**INSTRUCTIONS FOR THE TASK**
Images do not belong in the copy. Retype the entries exactly.

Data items
----

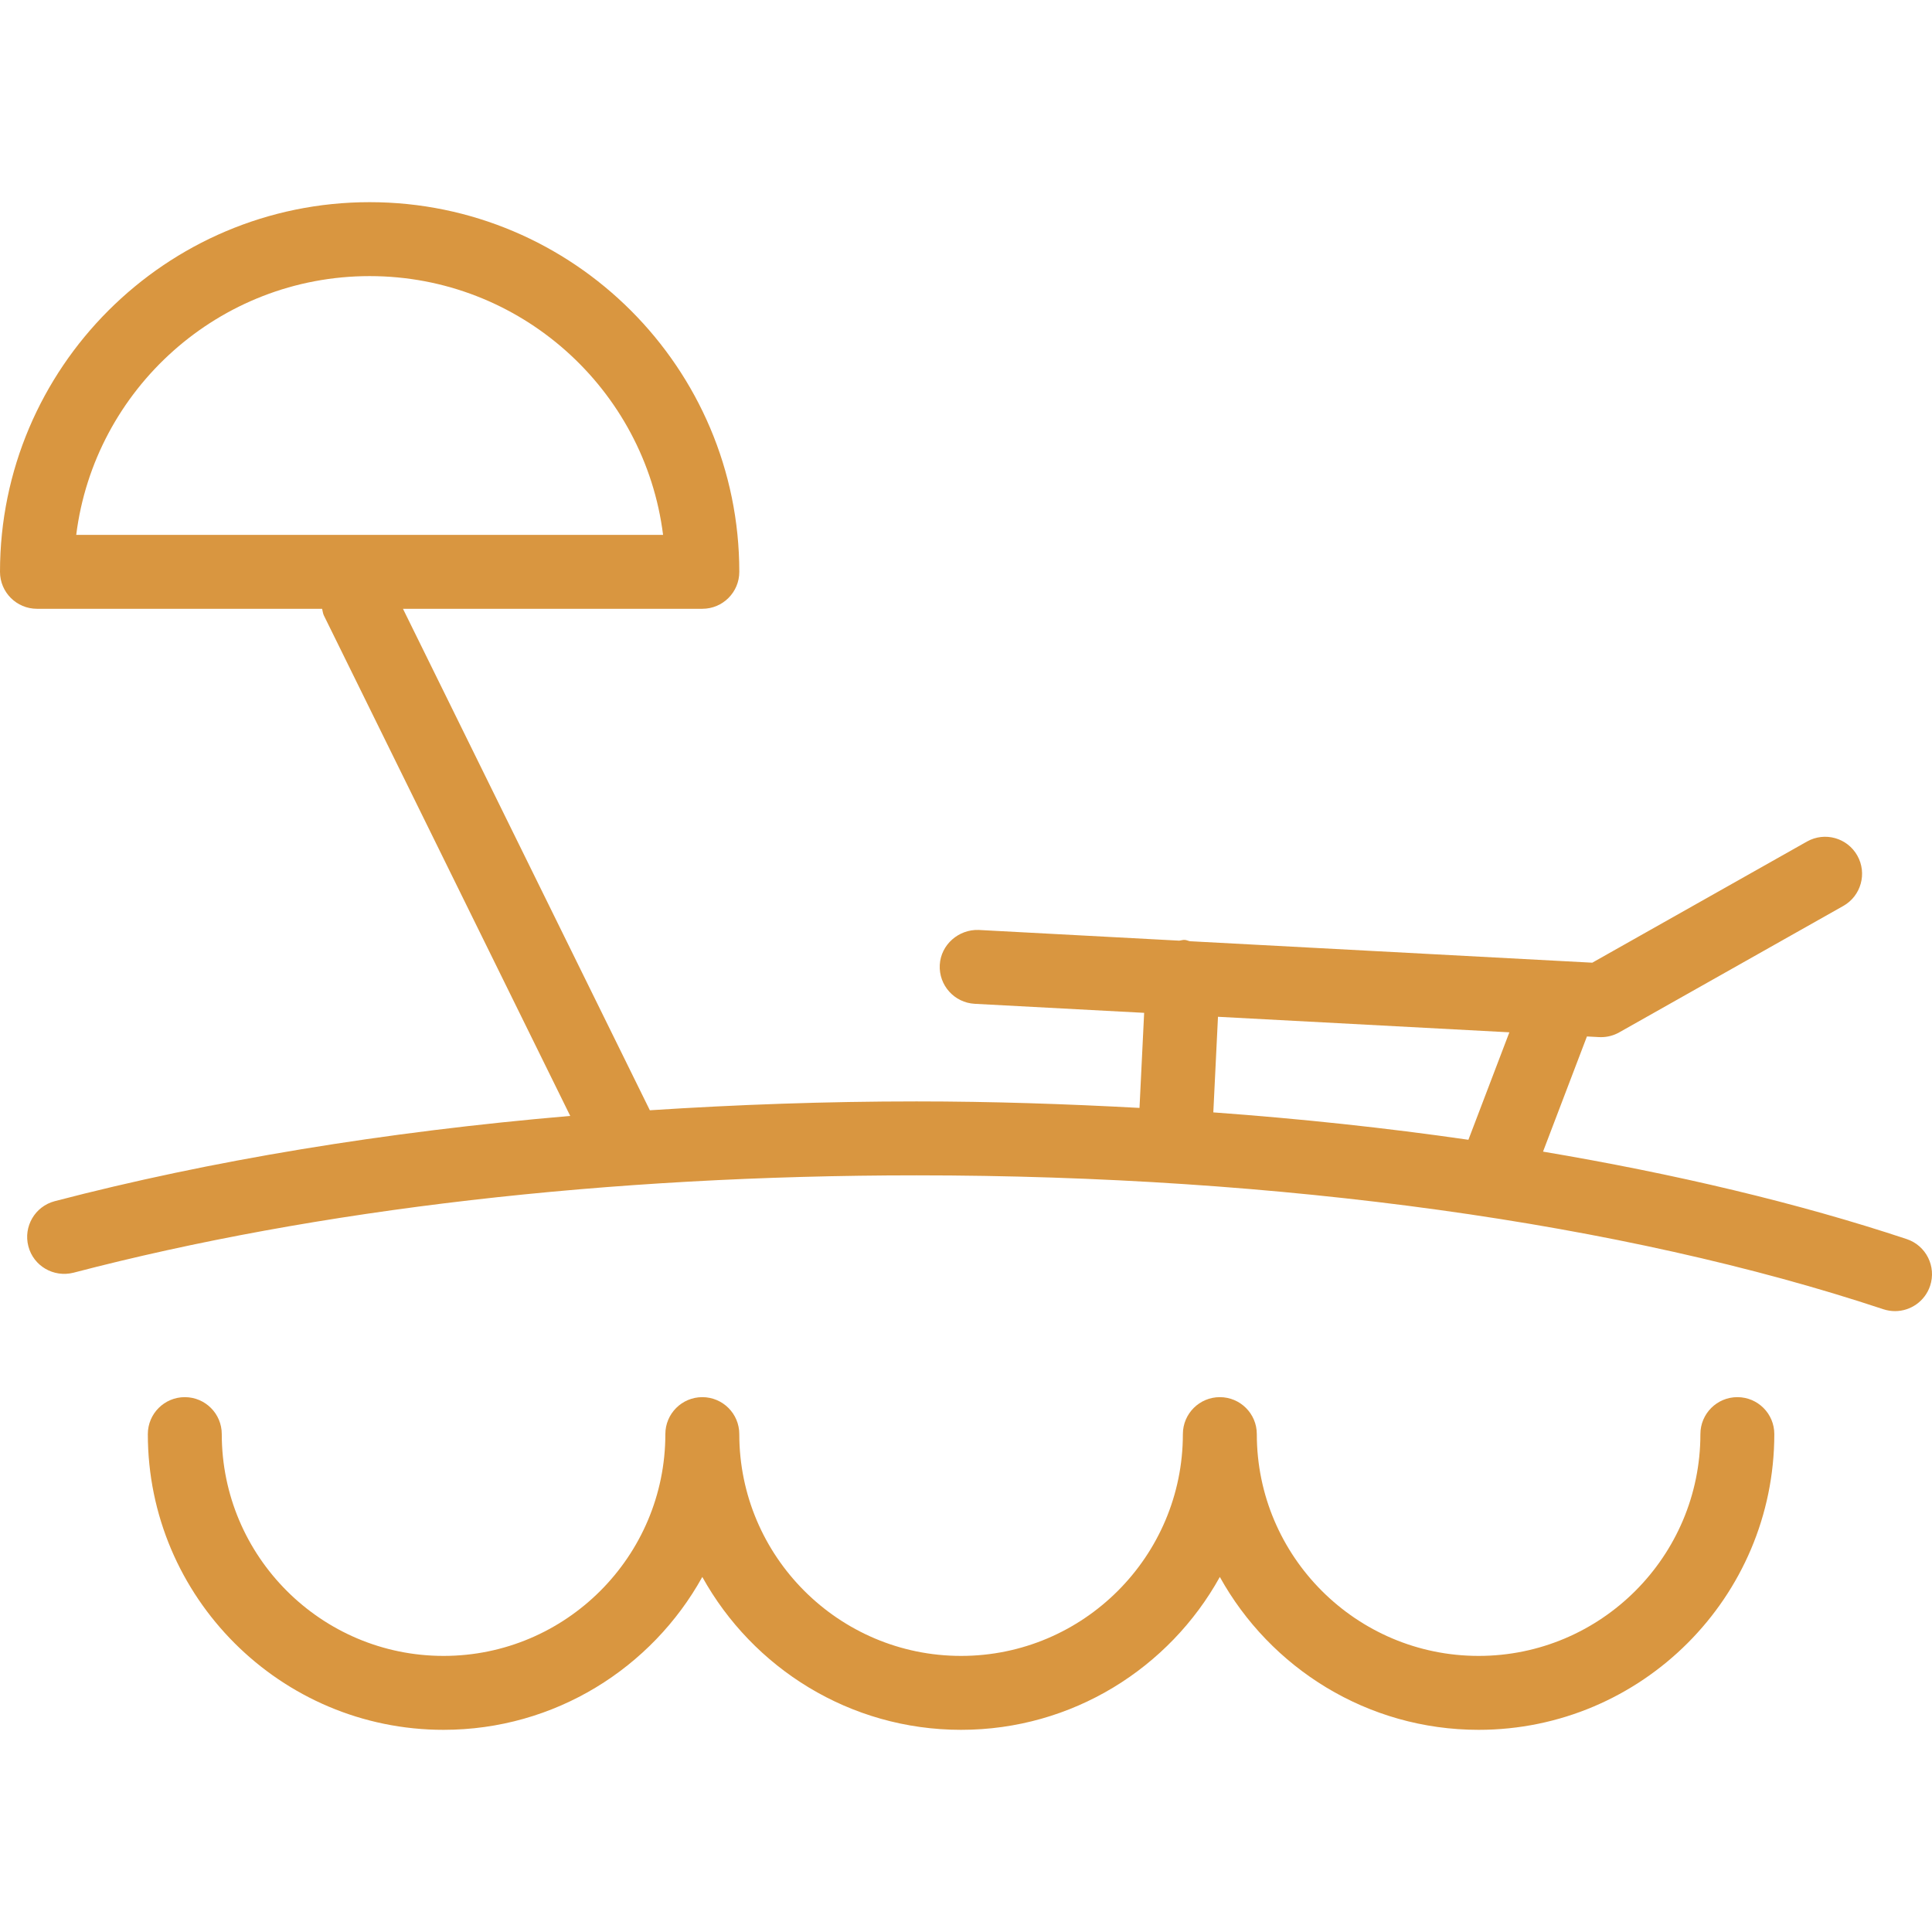 <svg version="1.1" id="Layer_1" xmlns="http://www.w3.org/2000/svg" xmlns:xlink="http://www.w3.org/1999/xlink" x="0px" y="0px"
	 viewBox="0 0 186.368 186.368" style="enable-background:new 0 0 186.368 186.368;" xml:space="preserve" fill="#d99640">
<g>
	<g>
		<g>
			<path d="M183.927,119.526c-10.472-3.479-22.337-6.286-35.08-8.436l4.234-11.109l1.174,0.062c0.063,0.004,0.127,0.004,0.19,0.004
				c0.613,0,1.217-0.157,1.752-0.46l21.612-12.195c1.717-0.968,2.321-3.144,1.355-4.858c-0.968-1.717-3.139-2.323-4.858-1.355
				l-20.709,11.686l-38.817-2.071c-0.17-0.034-0.319-0.117-0.497-0.126c-0.19-0.015-0.356,0.056-0.539,0.071l-19.339-1.032
				c-1.919-0.07-3.646,1.407-3.751,3.371c-0.104,1.968,1.405,3.646,3.371,3.754l16.344,0.871l-0.448,9.171
				c-7.067-0.382-14.23-0.627-21.506-0.627c-8.739,0-17.323,0.309-25.728,0.854L38.872,58.726H67.75
				c1.969,0,3.566-1.595,3.566-3.566c0-19.661-15.996-35.658-35.658-35.658S0,35.499,0,55.16c0,1.971,1.597,3.566,3.566,3.566
				h27.506c0.059,0.215,0.068,0.436,0.17,0.644l23.765,48.276c-17.885,1.531-34.712,4.3-49.724,8.223
				c-1.905,0.498-3.045,2.448-2.547,4.353c0.496,1.905,2.436,3.03,4.351,2.549c23.498-6.143,51.621-9.392,81.326-9.392
				c35.075,0,68.196,4.586,93.263,12.916c0.375,0.122,0.752,0.181,1.125,0.181c1.494,0,2.887-0.947,3.385-2.441
				C186.806,122.165,185.795,120.149,183.927,119.526z M7.353,51.595c1.762-14.051,13.784-24.961,28.305-24.961
				s26.543,10.91,28.305,24.961H7.353z M141.648,109.947c-7.924-1.146-16.154-2.027-24.607-2.642l0.45-9.222l28.108,1.498
				L141.648,109.947z"/>
			<path d="M167.593,134.774c-1.969,0-3.566,1.595-3.566,3.566c0,11.798-9.597,21.395-21.395,21.395
				c-11.798,0-21.395-9.597-21.395-21.395c0-1.971-1.597-3.566-3.566-3.566s-3.566,1.595-3.566,3.566
				c0,11.798-9.597,21.395-21.395,21.395c-11.798,0-21.395-9.597-21.395-21.395c0-1.971-1.597-3.566-3.566-3.566
				c-1.969,0-3.566,1.595-3.566,3.566c0,11.798-9.597,21.395-21.395,21.395c-11.798,0-21.395-9.597-21.395-21.395
				c0-1.971-1.597-3.566-3.566-3.566s-3.566,1.595-3.566,3.566c0,15.729,12.797,28.526,28.526,28.526
				c10.733,0,20.093-5.964,24.961-14.747c4.868,8.783,14.228,14.747,24.961,14.747c10.733,0,20.093-5.964,24.961-14.747
				c4.868,8.783,14.228,14.747,24.961,14.747c15.729,0,28.526-12.797,28.526-28.526
				C171.159,136.369,169.562,134.774,167.593,134.774z"/>
		</g>
	</g>
</g>
</svg>

----

**OUTPUT**
 <svg version="1.1" id="Layer_1" xmlns="http://www.w3.org/2000/svg" xmlns:xlink="http://www.w3.org/1999/xlink" x="0px" y="0px"
	 viewBox="0 0 186.368 186.368" style="enable-background:new 0 0 186.368 186.368;" xml:space="preserve" fill="#d99640">
<g>
	<g>
		<g>
			<path d="M183.927,119.526c-10.472-3.479-22.337-6.286-35.08-8.436l4.234-11.109l1.174,0.062c0.063,0.004,0.127,0.004,0.19,0.004
				c0.613,0,1.217-0.157,1.752-0.46l21.612-12.195c1.717-0.968,2.321-3.144,1.355-4.858c-0.968-1.717-3.139-2.323-4.858-1.355
				l-20.709,11.686l-38.817-2.071c-0.17-0.034-0.319-0.117-0.497-0.126c-0.19-0.015-0.356,0.056-0.539,0.071l-19.339-1.032
				c-1.919-0.07-3.646,1.407-3.751,3.371c-0.104,1.968,1.405,3.646,3.371,3.754l16.344,0.871l-0.448,9.171
				c-7.067-0.382-14.23-0.627-21.506-0.627c-8.739,0-17.323,0.309-25.728,0.854L38.872,58.726H67.75
				c1.969,0,3.566-1.595,3.566-3.566c0-19.661-15.996-35.658-35.658-35.658S0,35.499,0,55.16c0,1.971,1.597,3.566,3.566,3.566
				h27.506c0.059,0.215,0.068,0.436,0.17,0.644l23.765,48.276c-17.885,1.531-34.712,4.3-49.724,8.223
				c-1.905,0.498-3.045,2.448-2.547,4.353c0.496,1.905,2.436,3.03,4.351,2.549c23.498-6.143,51.621-9.392,81.326-9.392
				c35.075,0,68.196,4.586,93.263,12.916c0.375,0.122,0.752,0.181,1.125,0.181c1.494,0,2.887-0.947,3.385-2.441
				C186.806,122.165,185.795,120.149,183.927,119.526z M7.353,51.595c1.762-14.051,13.784-24.961,28.305-24.961
				s26.543,10.91,28.305,24.961H7.353z M141.648,109.947c-7.924-1.146-16.154-2.027-24.607-2.642l0.45-9.222l28.108,1.498
				L141.648,109.947z"/>
			<path d="M167.593,134.774c-1.969,0-3.566,1.595-3.566,3.566c0,11.798-9.597,21.395-21.395,21.395
				c-11.798,0-21.395-9.597-21.395-21.395c0-1.971-1.597-3.566-3.566-3.566s-3.566,1.595-3.566,3.566
				c0,11.798-9.597,21.395-21.395,21.395c-11.798,0-21.395-9.597-21.395-21.395c0-1.971-1.597-3.566-3.566-3.566
				c-1.969,0-3.566,1.595-3.566,3.566c0,11.798-9.597,21.395-21.395,21.395c-11.798,0-21.395-9.597-21.395-21.395
				c0-1.971-1.597-3.566-3.566-3.566s-3.566,1.595-3.566,3.566c0,15.729,12.797,28.526,28.526,28.526
				c10.733,0,20.093-5.964,24.961-14.747c4.868,8.783,14.228,14.747,24.961,14.747c10.733,0,20.093-5.964,24.961-14.747
				c4.868,8.783,14.228,14.747,24.961,14.747c15.729,0,28.526-12.797,28.526-28.526
				C171.159,136.369,169.562,134.774,167.593,134.774z"/>
		</g>
	</g>
</g>
</svg>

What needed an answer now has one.